Surgeon-entrepreneur Dr Devi Shetty of Narayana Health believes even regular mobile phones have enough power to make medical diagnoses. “You just need the right data, that’s all,” he says in this Outliers podcast from November 2017. Shetty, a champion of affordable healthcare, has been exploring technologies such as 3D printing, artificial intelligence and intelligent software algorithms for delivering more efficient services. He believes that in a few years it will become legally mandatory for doctors to take second opinions from software before starting treatment.
Thanks, as always, to Kanika Berry for transcribing this conversation. Read this lightly edited transcript of the podcast.

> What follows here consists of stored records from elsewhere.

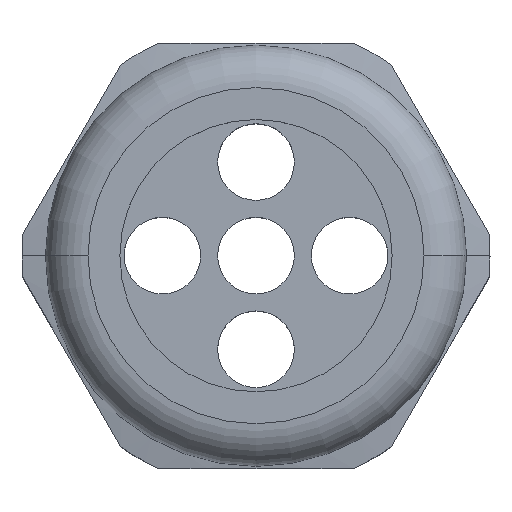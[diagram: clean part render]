
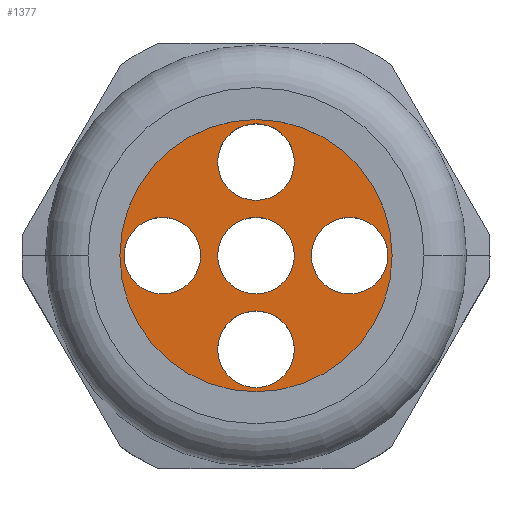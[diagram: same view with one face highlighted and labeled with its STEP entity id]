
A CAD part, top view. The second image highlights one B-rep face of the part: STEP entity #1377.
In plain terms, the highlighted planar face has unit normal (0, 0, 1).
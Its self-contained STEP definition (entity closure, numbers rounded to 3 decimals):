
#39 = EDGE_CURVE ( 'NONE', #951, #950, #1366, .T. ) ;
#52 = EDGE_CURVE ( 'NONE', #932, #933, #1361, .T. ) ;
#77 = AXIS2_PLACEMENT_3D ( 'NONE', #341, #342, #343 ) ;
#82 = AXIS2_PLACEMENT_3D ( 'NONE', #329, #330, #331 ) ;
#87 = AXIS2_PLACEMENT_3D ( 'NONE', #302, #306, #307 ) ;
#95 = AXIS2_PLACEMENT_3D ( 'NONE', #317, #318, #319 ) ;
#115 = AXIS2_PLACEMENT_3D ( 'NONE', #488, #489, #490 ) ;
#302 = CARTESIAN_POINT ( 'NONE',  ( 0., 0., 44.5 ) ) ;
#306 = DIRECTION ( 'NONE',  ( 0., 0., 1. ) ) ;
#307 = DIRECTION ( 'NONE',  ( 1., 0., 0. ) ) ;
#317 = CARTESIAN_POINT ( 'NONE',  ( 0., -11., 44.5 ) ) ;
#318 = DIRECTION ( 'NONE',  ( 0., 0., 1. ) ) ;
#319 = DIRECTION ( 'NONE',  ( 0., 1., 0. ) ) ;
#329 = CARTESIAN_POINT ( 'NONE',  ( 11., 0., 44.5 ) ) ;
#330 = DIRECTION ( 'NONE',  ( 0., 0., 1. ) ) ;
#331 = DIRECTION ( 'NONE',  ( -1., 0., 0. ) ) ;
#341 = CARTESIAN_POINT ( 'NONE',  ( 0., 11., 44.5 ) ) ;
#342 = DIRECTION ( 'NONE',  ( 0., 0., 1. ) ) ;
#343 = DIRECTION ( 'NONE',  ( 0., -1., 0. ) ) ;
#488 = CARTESIAN_POINT ( 'NONE',  ( 0., 0., 44.5 ) ) ;
#489 = DIRECTION ( 'NONE',  ( 0., 0., 1. ) ) ;
#490 = DIRECTION ( 'NONE',  ( 1., 0., 0. ) ) ;
#571 = CARTESIAN_POINT ( 'NONE',  ( 16., 0., 44.5 ) ) ;
#572 = CARTESIAN_POINT ( 'NONE',  ( -16., 0., 44.5 ) ) ;
#589 = CARTESIAN_POINT ( 'NONE',  ( -6.5, 0., 44.5 ) ) ;
#590 = CARTESIAN_POINT ( 'NONE',  ( -15.5, 0., 44.5 ) ) ;
#593 = CARTESIAN_POINT ( 'NONE',  ( 0., 6.5, 44.5 ) ) ;
#594 = CARTESIAN_POINT ( 'NONE',  ( 0., 15.5, 44.5 ) ) ;
#595 = CARTESIAN_POINT ( 'NONE',  ( 6.5, 0., 44.5 ) ) ;
#597 = CARTESIAN_POINT ( 'NONE',  ( 0., -6.5, 44.5 ) ) ;
#598 = CARTESIAN_POINT ( 'NONE',  ( 0., -15.5, 44.5 ) ) ;
#601 = CARTESIAN_POINT ( 'NONE',  ( -4.5, 0., 44.5 ) ) ;
#603 = CARTESIAN_POINT ( 'NONE',  ( 4.5, 0., 44.5 ) ) ;
#605 = CARTESIAN_POINT ( 'NONE',  ( 15.5, 0., 44.5 ) ) ;
#621 = DIRECTION ( 'NONE',  ( 1., 0., 0. ) ) ;
#622 = DIRECTION ( 'NONE',  ( 0., 0., 1. ) ) ;
#623 = CARTESIAN_POINT ( 'NONE',  ( -11., 0., 44.5 ) ) ;
#661 = DIRECTION ( 'NONE',  ( 1., 0., 0. ) ) ;
#662 = DIRECTION ( 'NONE',  ( 0., 0., 1. ) ) ;
#663 = CARTESIAN_POINT ( 'NONE',  ( 0., 0., 44.5 ) ) ;
#755 = ORIENTED_EDGE ( 'NONE', *, *, #2044, .T. ) ;
#756 = ORIENTED_EDGE ( 'NONE', *, *, #52, .F. ) ;
#758 = ORIENTED_EDGE ( 'NONE', *, *, #1999, .F. ) ;
#759 = ORIENTED_EDGE ( 'NONE', *, *, #39, .T. ) ;
#760 = ORIENTED_EDGE ( 'NONE', *, *, #1995, .F. ) ;
#761 = ORIENTED_EDGE ( 'NONE', *, *, #1409, .F. ) ;
#762 = ORIENTED_EDGE ( 'NONE', *, *, #1991, .F. ) ;
#763 = ORIENTED_EDGE ( 'NONE', *, *, #1410, .F. ) ;
#764 = ORIENTED_EDGE ( 'NONE', *, *, #1987, .F. ) ;
#765 = ORIENTED_EDGE ( 'NONE', *, *, #1411, .F. ) ;
#766 = ORIENTED_EDGE ( 'NONE', *, *, #1413, .F. ) ;
#767 = ORIENTED_EDGE ( 'NONE', *, *, #1412, .F. ) ;
#917 = VERTEX_POINT ( 'NONE', #605 ) ;
#919 = VERTEX_POINT ( 'NONE', #603 ) ;
#921 = VERTEX_POINT ( 'NONE', #601 ) ;
#924 = VERTEX_POINT ( 'NONE', #598 ) ;
#925 = VERTEX_POINT ( 'NONE', #597 ) ;
#927 = VERTEX_POINT ( 'NONE', #595 ) ;
#928 = VERTEX_POINT ( 'NONE', #594 ) ;
#929 = VERTEX_POINT ( 'NONE', #593 ) ;
#932 = VERTEX_POINT ( 'NONE', #590 ) ;
#933 = VERTEX_POINT ( 'NONE', #589 ) ;
#950 = VERTEX_POINT ( 'NONE', #572 ) ;
#951 = VERTEX_POINT ( 'NONE', #571 ) ;
#1160 = EDGE_LOOP ( 'NONE', ( #766, #764 ) ) ;
#1161 = EDGE_LOOP ( 'NONE', ( #767, #762 ) ) ;
#1162 = EDGE_LOOP ( 'NONE', ( #765, #760 ) ) ;
#1163 = EDGE_LOOP ( 'NONE', ( #763, #758 ) ) ;
#1164 = EDGE_LOOP ( 'NONE', ( #761, #756 ) ) ;
#1165 = EDGE_LOOP ( 'NONE', ( #759, #755 ) ) ;
#1285 = CIRCLE ( 'NONE', #115, 16. ) ;
#1308 = CIRCLE ( 'NONE', #77, 4.5 ) ;
#1310 = CIRCLE ( 'NONE', #82, 4.5 ) ;
#1312 = CIRCLE ( 'NONE', #95, 4.5 ) ;
#1314 = CIRCLE ( 'NONE', #87, 4.5 ) ;
#1343 = CIRCLE ( 'NONE', #1755, 4.5 ) ;
#1344 = CIRCLE ( 'NONE', #1756, 4.5 ) ;
#1345 = CIRCLE ( 'NONE', #1757, 4.5 ) ;
#1346 = CIRCLE ( 'NONE', #1763, 4.5 ) ;
#1347 = CIRCLE ( 'NONE', #1758, 4.5 ) ;
#1361 = CIRCLE ( 'NONE', #2064, 4.5 ) ;
#1366 = CIRCLE ( 'NONE', #2086, 16. ) ;
#1377 = ADVANCED_FACE ( 'NONE', ( #1795, #1780, #1762, #1741, #1736, #1731 ), #1599, .T. ) ;
#1409 = EDGE_CURVE ( 'NONE', #933, #932, #1347, .T. ) ;
#1410 = EDGE_CURVE ( 'NONE', #929, #928, #1346, .T. ) ;
#1411 = EDGE_CURVE ( 'NONE', #927, #917, #1345, .T. ) ;
#1412 = EDGE_CURVE ( 'NONE', #925, #924, #1344, .T. ) ;
#1413 = EDGE_CURVE ( 'NONE', #919, #921, #1343, .T. ) ;
#1482 = DIRECTION ( 'NONE',  ( 1., 0., 0. ) ) ;
#1483 = DIRECTION ( 'NONE',  ( 0., 0., 1. ) ) ;
#1484 = CARTESIAN_POINT ( 'NONE',  ( 0., 0., 44.5 ) ) ;
#1485 = DIRECTION ( 'NONE',  ( 0., 1., 0. ) ) ;
#1486 = DIRECTION ( 'NONE',  ( 0., 0., 1. ) ) ;
#1487 = CARTESIAN_POINT ( 'NONE',  ( 0., -11., 44.5 ) ) ;
#1488 = DIRECTION ( 'NONE',  ( -1., 0., 0. ) ) ;
#1489 = DIRECTION ( 'NONE',  ( 0., 0., 1. ) ) ;
#1490 = CARTESIAN_POINT ( 'NONE',  ( 11., 0., 44.5 ) ) ;
#1491 = DIRECTION ( 'NONE',  ( 0., -1., 0. ) ) ;
#1492 = DIRECTION ( 'NONE',  ( 0., 0., 1. ) ) ;
#1493 = CARTESIAN_POINT ( 'NONE',  ( 0., 11., 44.5 ) ) ;
#1494 = DIRECTION ( 'NONE',  ( 1., 0., 0. ) ) ;
#1495 = DIRECTION ( 'NONE',  ( 0., 0., 1. ) ) ;
#1496 = CARTESIAN_POINT ( 'NONE',  ( -11., 0., 44.5 ) ) ;
#1596 = DIRECTION ( 'NONE',  ( 1., 0., 0. ) ) ;
#1597 = DIRECTION ( 'NONE',  ( 0., 0., 1. ) ) ;
#1598 = CARTESIAN_POINT ( 'NONE',  ( 0., 0., 44.5 ) ) ;
#1599 = PLANE ( 'NONE',  #1767 ) ;
#1731 = FACE_OUTER_BOUND ( 'NONE', #1165, .T. ) ;
#1736 = FACE_BOUND ( 'NONE', #1164, .T. ) ;
#1741 = FACE_BOUND ( 'NONE', #1163, .T. ) ;
#1755 = AXIS2_PLACEMENT_3D ( 'NONE', #1484, #1483, #1482 ) ;
#1756 = AXIS2_PLACEMENT_3D ( 'NONE', #1487, #1486, #1485 ) ;
#1757 = AXIS2_PLACEMENT_3D ( 'NONE', #1490, #1489, #1488 ) ;
#1758 = AXIS2_PLACEMENT_3D ( 'NONE', #1496, #1495, #1494 ) ;
#1762 = FACE_BOUND ( 'NONE', #1162, .T. ) ;
#1763 = AXIS2_PLACEMENT_3D ( 'NONE', #1493, #1492, #1491 ) ;
#1767 = AXIS2_PLACEMENT_3D ( 'NONE', #1598, #1597, #1596 ) ;
#1780 = FACE_BOUND ( 'NONE', #1161, .T. ) ;
#1795 = FACE_BOUND ( 'NONE', #1160, .T. ) ;
#1987 = EDGE_CURVE ( 'NONE', #921, #919, #1314, .T. ) ;
#1991 = EDGE_CURVE ( 'NONE', #924, #925, #1312, .T. ) ;
#1995 = EDGE_CURVE ( 'NONE', #917, #927, #1310, .T. ) ;
#1999 = EDGE_CURVE ( 'NONE', #928, #929, #1308, .T. ) ;
#2044 = EDGE_CURVE ( 'NONE', #950, #951, #1285, .T. ) ;
#2064 = AXIS2_PLACEMENT_3D ( 'NONE', #623, #622, #621 ) ;
#2086 = AXIS2_PLACEMENT_3D ( 'NONE', #663, #662, #661 ) ;

Pankaj: Welcome to Outliers. Today, I am sitting with someone who is more a disruptor than an outlier. At least, I believe that. Welcome to the Outliers podcast, Dr Shetty.
Dr Shetty: Thanks.
Pankaj: We have with us Dr Devi Shetty, who is, of course, known as a pioneer and a disruptor in transforming the healthcare industry in India. I first heard about what you were doing, mostly the conversations were around affordability and things like that, but I thought we could quickly focus on some of the life lessons that you could share with the listeners of this podcast in solving a very unique India problem. You know, it’s not really sexy building India-focused solutions. So what are some of the life lessons in building Narayana Hrudayalaya (now Narayana Health) and where you are today?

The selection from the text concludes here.